Hunde sind soziale Wesen und brauchen eine soziale Struktur - eine Herde. Diese Struktur hat eine eigene Hierarchie. An der Spitze des Rudels steht der Alpha-Meister. Für einen Südstaatler ist das Rudel seine Familie.

Einige von ihnen passen sich problemlos an die Rolle eines Untergebenen an, sie tun, was Alpha erlaubt. Andere sind weniger gehorsam. Einige Führungskräfte suchen von Natur aus und fordern eine Person ständig heraus, um eine höhere Position zu erreichen. Sie sind zuversichtlich, klüger als der Durchschnitt und liebevoll.

Die Beziehung zwischen dem Besitzer und seinem Hund sieht gut aus - bis es passiert, dass der Hund nicht mag oder der Hund tun muss, was er nicht will.

Hunde brauchen Führung. Sie haben ein instinktives Bedürfnis, in einer Gruppe zu leben. Und sie müssen ihren Platz im Rudel verstehen. Wenn eine Person die Rolle des Führers nicht erfüllen kann, übernimmt der Hund diese Rolle.
Sogar Welpen des südrussischen Schäfers (beide Geschlechter) versuchen dies. Zum Beispiel, wenn Sie Ihre Schüssel schützen. Wenn ein Welpe über ihr steht, ihre Beine auseinander sind, knurrt der Besitzer, dann ist dies nichts weiter als ein Eingriff in die Führung.

Dieses Verhalten muss angepasst werden, damit der Welpe vom ersten Tag an versteht, wer verantwortlich ist. Dies hilft, Probleme zu vermeiden, wenn Sie älter werden.

Dies ist ziemlich schwierig, selbst weil wir den Welpen als ein Kind sehen, mit dem wir spielen und auf ihn aufpassen können. Aber du musst ihn als Hund nehmen und nichts weiter. Wenn Sie diese Wahrnehmung nicht von sich selbst trennen, werden Sie es sehr bereuen, wenn der Welpe groß ist.

Die Südstaatler sind schlau und werden versuchen, sich bei der geringsten Gelegenheit auf der sozialen Leiter zu verbessern. Genaue Regeln und angemessenes Verhalten vermeiden viele Probleme und Konflikte.

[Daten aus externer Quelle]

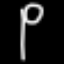
Label: hourglass
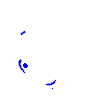
Particle: pion
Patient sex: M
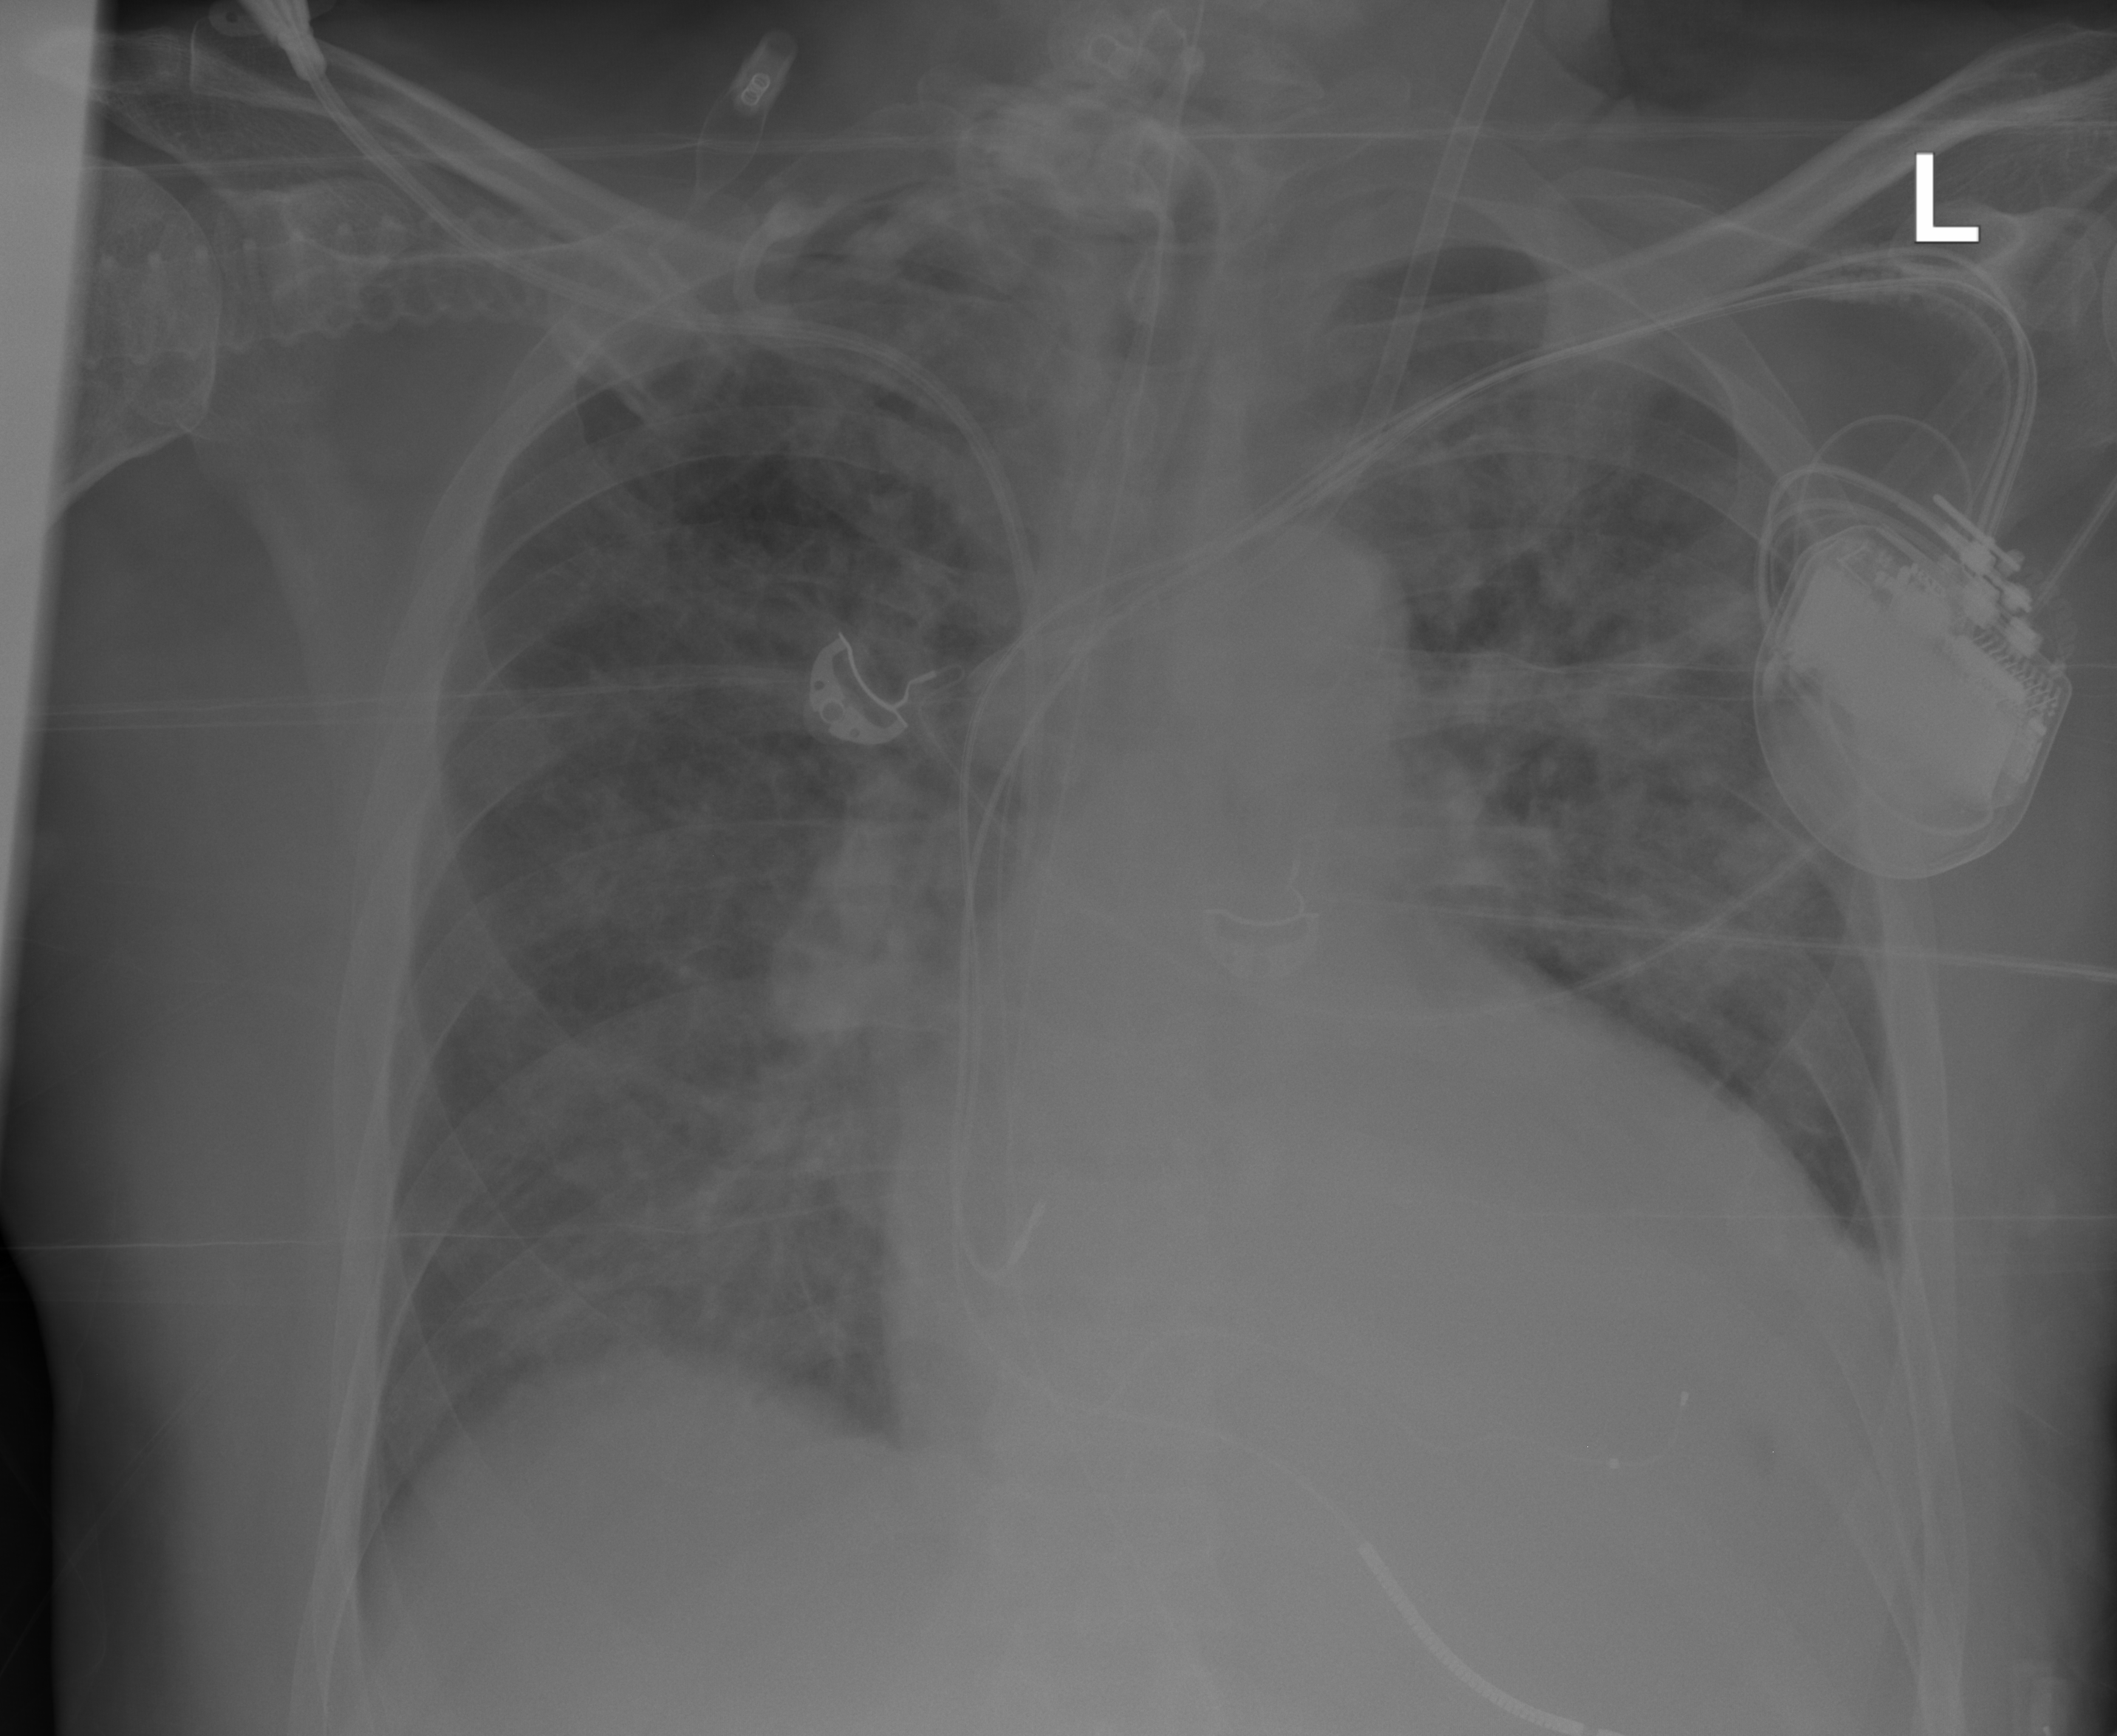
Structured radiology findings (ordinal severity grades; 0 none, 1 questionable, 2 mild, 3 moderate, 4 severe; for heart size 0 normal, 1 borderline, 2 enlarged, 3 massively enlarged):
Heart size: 2
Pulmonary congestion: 2
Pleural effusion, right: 0
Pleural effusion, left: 1
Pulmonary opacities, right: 3
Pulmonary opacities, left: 3
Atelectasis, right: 3
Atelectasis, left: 3

Wie bereits erwähnt, sind sie intelligent und leicht zu erlernen. Gute und schlechte Dinge. Trotz der Tatsache, dass sie sehr meisterhaft sind, können Sie sie verwalten. Dies erfordert jedoch Erfahrung, Begierde und Zeit.

Sie brauchen Sozialisation, um andere Hunde, Menschen, Autos, überfüllte Orte, Tierärzte und vor allem Familienmitglieder kennenzulernen.

Der kleinste Welpe versteht, wer Familie ist und wer nicht. Sie mögen normalerweise keine Menschen, Tiere und andere Ereignisse, wenn sie nicht mit ihnen vertraut sind. Wenn Sie schon Erfahrungen mit Dating gemacht haben, aber sie sind ruhig.

Versuchen Sie Ihrem Welpen so viel Erfahrung wie möglich zu geben und machen Sie einen guten Trainingskurs. Und einen zuverlässigen, intelligenten, geführten Hund bekommen.

Pflege

Hunde werden ein- oder zweimal pro Woche gekämmt, wie es sich für Welpen gehört. Durch die dicke Unterwolle kann es zu engen Tundeln kommen.

Gleichzeitig reinigt es sich jedoch von selbst, da es mit einer Schicht Schutzfett bedeckt ist. Aufgrund dieser Eigenschaft wird nicht empfohlen, Hunde häufig zu baden.

Selbst wenn das Wetter nass, regnerisch und schmutzig ist, bleiben die Südstaatler einigermaßen sauber.

Gesundheit

Generell gesunde Rasse. Lebenserwartung von 10-12 Jahren, die für einen Hund dieser Größe unerlässlich ist.